My story begins as I progressed into high school and experienced the heavy environmental pollution from the congested slums of Mathare in Nairobi, Kenya. Large numbers of smoking cars in the streets and continuous electricity blackouts were the norm, especially at the slightest onset of rains. When I look back, this was the start of my dream of making a difference to society and our communities, the start of a long journey in the quest for clean, sustainable renewable energy.

Today I am a GCRF START Postdoctoral Research Fellow (PDRF) in the field of Solar Energy research. I was born in rural part of Kenya called Seme Kadero, in Kisumu County, to a big polygamous family of four mothers and 27 children. I was number 20 in our family and my father, born in 1928, was quite passionate about his kids attending school but none before me made it to university. We were allowed to go to school in the mornings but had essential chores in the afternoons. We grew up grazing cattle barefoot and cultivating land in alternation with school hours – we couldn’t even afford to buy shoes.

My father saved some money for me to attend high school but soon realised this was sufficient only to buy school uniform and other items required for admission but not school fees. I had to make do with a new school uniform, including long trousers and shoes for the first time, which I wore at home while waiting for my father to raise the fees. I didn’t know what to read during those weeks, so after putting on my school uniform each day, I would go to the newspaper vendor, and ask to read all the daily newspapers with him, and then go home in the evening.
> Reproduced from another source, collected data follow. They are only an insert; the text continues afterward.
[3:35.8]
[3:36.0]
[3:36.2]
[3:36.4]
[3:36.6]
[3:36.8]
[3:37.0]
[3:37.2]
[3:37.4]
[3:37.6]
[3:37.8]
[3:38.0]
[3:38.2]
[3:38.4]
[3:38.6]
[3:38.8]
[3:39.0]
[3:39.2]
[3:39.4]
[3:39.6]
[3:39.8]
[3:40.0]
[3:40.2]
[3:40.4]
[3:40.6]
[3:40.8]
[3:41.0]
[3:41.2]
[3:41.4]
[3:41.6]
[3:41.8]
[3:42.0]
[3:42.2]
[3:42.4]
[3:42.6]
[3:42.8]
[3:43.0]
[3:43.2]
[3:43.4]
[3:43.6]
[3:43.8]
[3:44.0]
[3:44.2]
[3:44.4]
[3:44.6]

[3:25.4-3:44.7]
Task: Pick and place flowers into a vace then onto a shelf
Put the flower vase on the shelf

My passion was to realise my father’s dreams one day and return home with a title earned from studying. I wanted to be a teacher and contribute immensely to society. My Physics Teacher at Eastleigh High School in Nairobi really believed in me which made a huge difference. He gave me a project using angular inclination and the concept of rectilinear propagation of light to design a device that could be used to measure the height of any building/tree from a distance without having to climb it! This kickstarted my love of science and drove my research career ambition.   

I competed through the district and province and became the second best in the National Science Congress. The fire for research was then fully ignited, fuelled by the fact that I didn’t have a stable light source at night to study, in addition to the effects of environmental pollution. School and learning were vital.  To avoid being mugged for our precious school books, we would walk to and from school 6 km, rising early each morning and singing on the way back home to deter anyone from stealing our text books to sell on for drugs.
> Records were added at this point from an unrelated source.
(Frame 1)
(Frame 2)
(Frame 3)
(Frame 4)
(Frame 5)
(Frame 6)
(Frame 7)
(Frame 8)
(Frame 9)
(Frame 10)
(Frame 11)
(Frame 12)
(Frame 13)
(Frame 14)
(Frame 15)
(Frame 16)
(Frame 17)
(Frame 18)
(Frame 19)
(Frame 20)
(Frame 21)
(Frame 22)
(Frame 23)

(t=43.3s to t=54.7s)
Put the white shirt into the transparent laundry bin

Dr Francis Otieno and his father, Mzee Christopher Otieno Oluoch, at Francis Otieno’s PhD graduation in 2018 at the University of the Witwatersrand, South Africa. ©Francis Otieno

My father had long retired from active business relying instead on peasant farming. Our tradition holds that our elder brothers help to cover school fees, which was a challenge as they were equally struggling to settle down in life. With all these hardships, my ambition was to improve performance at school which had back then only a 2-5% pass rate to public university. As a group of high school learners, we managed to turn this around and many secured a place at our public university where we could access government funding.

The best teacher teaches from the heart and not just the textbook, and this is what I intended when I chose a Bachelor of Education degree at Egerton University more than 100 miles northwest of Nairobi. I knew my heartfelt approach meant a lot to my father who has always urged me to do well and surpass any problems on the way. When I got my first Degree in Education teaching physics and mathematics, many of my pupils did well in my subjects. I am a proud teacher having seen them move into good careers using the physics and mathematics they had been taught.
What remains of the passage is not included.